Problem details
Pictures stay out; everything else in the listing below is to be restated word for word.

Available data
________

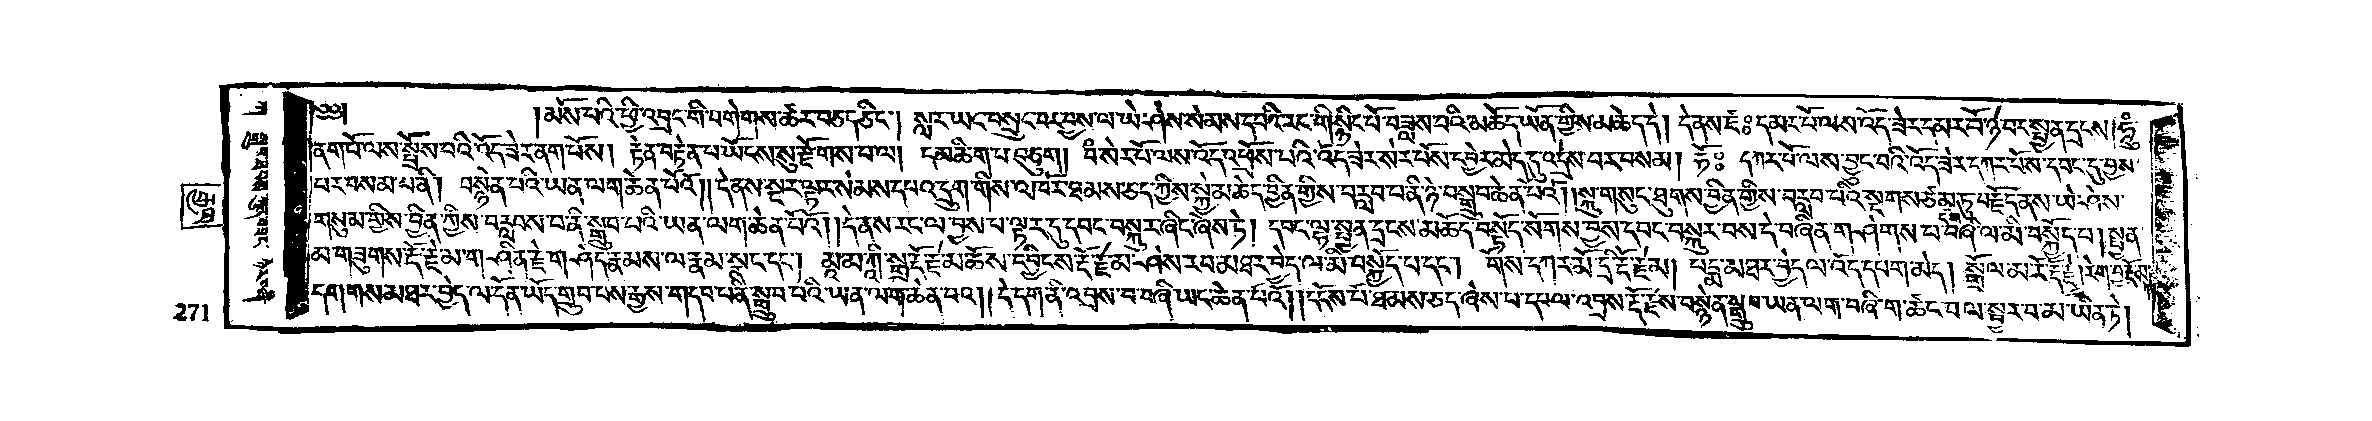༄༅། །མོས་པའི་ཕྱི་འབྲང་གི་བགེགས་ཚར་བཅས་ཅིང་། སླར་ཡང་བསྲུང་བར་བྱས་ལ་ཡེ་ཤེས་སེམས་དཔའི་རང་གི་སྙིང་པོ་བཟླས་པའི་མཆོད་ཡོན་གྱིས་མཆེད་དེ། དེ་ནས་ཛཿ དམར་པོ་ལས་འོད་ཟེར་དམར་པོ་ཉེ་བར་སྤྱན་དྲངས། །ཧཱུཾ་
ནག་པོ་ལས་སྤྲོས་པའི་འོད་ཟེར་ནག་པོས། རྟེན་བརྟེན་པ་ཡོངས་སུ་རྫོགས་པ་ལ། དམ་ཚིག་པ་བཅུག །བཾ་སེར་པོ་ལས་འོད་འཕྲོས་པའི་འོད་ཟེར་སེར་པོས་དབྱེར་མེད་དུ་འདྲེས་པར་བསམ། ཧོཿ དཀར་པོ་ལས་བྱུང་བའི་འོད་ཟེར་དཀར་པོས་དབང་དུ་བྱས་
པར་བསམ་པ་ནི། བསྙེན་པའི་ཡན་ལག་ཆེན་པོའོ། །དེ་ནས་སྔར་ལྟར་སེམས་དཔའ་དྲུག་གིས་འཁོར་ཐམས་ཅད་ཀྱིས་སྐྱེ་མཆེད་བྱིན་གྱིས་བརླབ་པ་ནི་ཉེ་བསྒྲུབ་ཆེན་པོའོ། །སྐུ་གསུངས་ཐུགས་བྱིན་གྱིས་བརླབ་པའི་སྔགས་ཙམ་དག་ཏུ་བརྗོད་ནས་ཡེ་ཤེས་
གསུམ་གྱིས་བྱིན་གྱིས་བརླབས་པ་ནི་སྒྲུབ་པའི་ཡན་ལག་ཆེན་པོའོ། །དེ་ནས་རང་ལ་བྱས་པ་ལྟར་དུ་དབང་བསྐུར་ཞིང་ཞེས་ཏེ། དབང་ལྷ་སྤྱན་དྲངས་མཆོད་བསྟོད་སོགས་བྱས་དབང་བསྐུར་བས་དེ་བཞིན་གཤེགས་པ་བཞི་ལ་མི་བསྐྱོད་པ། སྤྱན་
མ་གཟུགས་རྡོ་རྗེ་མ་གཤིན་རྗེ་གཤེད་རྣམས་ལ་རྣམ་སྣང་དང་། མཱ་མ་ཀཱི་སྒྲ་རྡོ་རྗེ་མ་ཆོས་དབྱིངས་རྡོ་རྗེ་མ་ཤེས་རབ་མཐར་བྱེད་ལ་མི་བསྐྱོད་པ་དང་། གོས་དཀར་མོ་དྲི་རྡོ་རྗེ་མ། པདམ་མཐར་བྱེད་ལ་འོད་དཔག་མེད། སྒྲོལ་མ་རོ་རྡོ་རྗེ། རེག་བྱ་རྡོམས?
དག་གས་མཐར་བྱེད་ལ་དོན་ཡོད་གྲུབ་པས་རྒྱས་གདབ་པ་ནི་སྒྲུབ་པའི་ཡན་ལག་ཆེན་པའོ། །དེ་དག་ནི་འབྲས་བ་བཞི་ཡང་ཆེན་པོའོ། །དངོས་པོ་ཐམས་ཅད་ཞེས་པ་དཔལ་འབྲས་རྡོ་རྗེས་བསྙེན་སྒྲུབ་ཡན་ལག་བཞི་ག་ཚང་བ་ལ་སྦྱར་བ་མ་ཡིན་ཏེ།

________

Exercise output
༄༅། །མོས་པའི་ཕྱི་འབྲང་གི་བགེགས་ཚར་བཅས་ཅིང་། སླར་ཡང་བསྲུང་བར་བྱས་ལ་ཡེ་ཤེས་སེམས་དཔའི་རང་གི་སྙིང་པོ་བཟླས་པའི་མཆོད་ཡོན་གྱིས་མཆེད་དེ། དེ་ནས་ཛཿ དམར་པོ་ལས་འོད་ཟེར་དམར་པོ་ཉེ་བར་སྤྱན་དྲངས། །ཧཱུཾ་
ནག་པོ་ལས་སྤྲོས་པའི་འོད་ཟེར་ནག་པོས། རྟེན་བརྟེན་པ་ཡོངས་སུ་རྫོགས་པ་ལ། དམ་ཚིག་པ་བཅུག །བཾ་སེར་པོ་ལས་འོད་འཕྲོས་པའི་འོད་ཟེར་སེར་པོས་དབྱེར་མེད་དུ་འདྲེས་པར་བསམ། ཧོཿ དཀར་པོ་ལས་བྱུང་བའི་འོད་ཟེར་དཀར་པོས་དབང་དུ་བྱས་
པར་བསམ་པ་ནི། བསྙེན་པའི་ཡན་ལག་ཆེན་པོའོ། །དེ་ནས་སྔར་ལྟར་སེམས་དཔའ་དྲུག་གིས་འཁོར་ཐམས་ཅད་ཀྱིས་སྐྱེ་མཆེད་བྱིན་གྱིས་བརླབ་པ་ནི་ཉེ་བསྒྲུབ་ཆེན་པོའོ། །སྐུ་གསུངས་ཐུགས་བྱིན་གྱིས་བརླབ་པའི་སྔགས་ཙམ་དག་ཏུ་བརྗོད་ནས་ཡེ་ཤེས་
གསུམ་གྱིས་བྱིན་གྱིས་བརླབས་པ་ནི་སྒྲུབ་པའི་ཡན་ལག་ཆེན་པོའོ། །དེ་ནས་རང་ལ་བྱས་པ་ལྟར་དུ་དབང་བསྐུར་ཞིང་ཞེས་ཏེ། དབང་ལྷ་སྤྱན་དྲངས་མཆོད་བསྟོད་སོགས་བྱས་དབང་བསྐུར་བས་དེ་བཞིན་གཤེགས་པ་བཞི་ལ་མི་བསྐྱོད་པ། སྤྱན་
མ་གཟུགས་རྡོ་རྗེ་མ་གཤིན་རྗེ་གཤེད་རྣམས་ལ་རྣམ་སྣང་དང་། མཱ་མ་ཀཱི་སྒྲ་རྡོ་རྗེ་མ་ཆོས་དབྱིངས་རྡོ་རྗེ་མ་ཤེས་རབ་མཐར་བྱེད་ལ་མི་བསྐྱོད་པ་དང་། གོས་དཀར་མོ་དྲི་རྡོ་རྗེ་མ། པདམ་མཐར་བྱེད་ལ་འོད་དཔག་མེད། སྒྲོལ་མ་རོ་རྡོ་རྗེ། རེག་བྱ་རྡོམས?
དག་གས་མཐར་བྱེད་ལ་དོན་ཡོད་གྲུབ་པས་རྒྱས་གདབ་པ་ནི་སྒྲུབ་པའི་ཡན་ལག་ཆེན་པའོ། །དེ་དག་ནི་འབྲས་བ་བཞི་ཡང་ཆེན་པོའོ། །དངོས་པོ་ཐམས་ཅད་ཞེས་པ་དཔལ་འབྲས་རྡོ་རྗེས་བསྙེན་སྒྲུབ་ཡན་ལག་བཞི་ག་ཚང་བ་ལ་སྦྱར་བ་མ་ཡིན་ཏེ།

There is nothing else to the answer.